■ Data shown:
◇ ◇ ◇ ◇ ◇ ◇ ◇

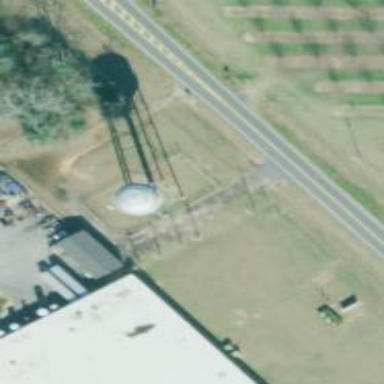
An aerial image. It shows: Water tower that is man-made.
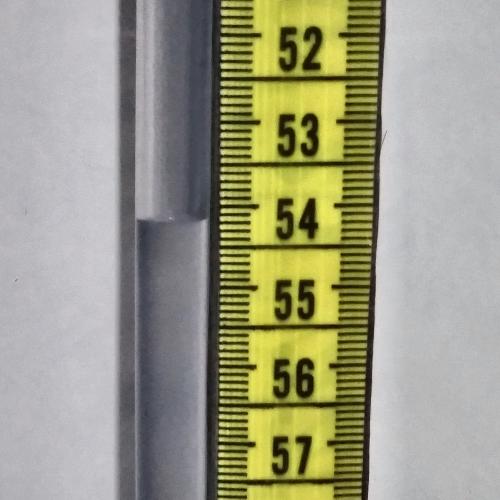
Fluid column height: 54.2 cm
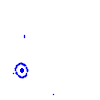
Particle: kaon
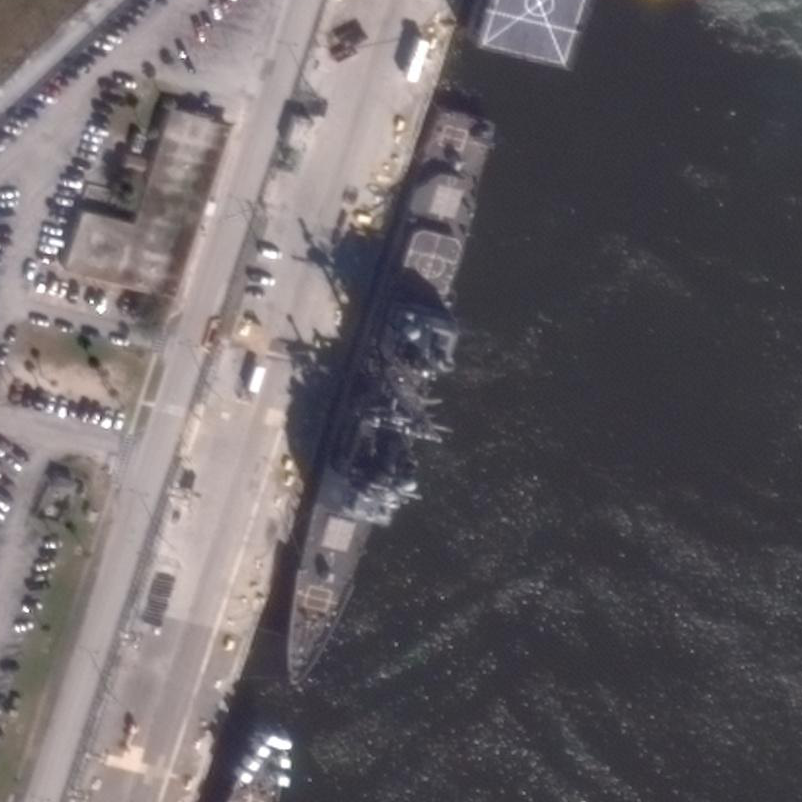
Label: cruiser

◇ ◇ ◇ ◇ ◇ ◇ ◇

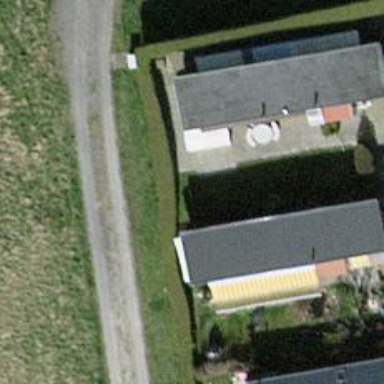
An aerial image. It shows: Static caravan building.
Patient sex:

◇ ◇ ◇ ◇ ◇ ◇ ◇

■ Task: Of the records above, copy each line that includes "shows".

■ Solution below:
An aerial image. It shows: Water tower that is man-made.
An aerial image. It shows: Static caravan building.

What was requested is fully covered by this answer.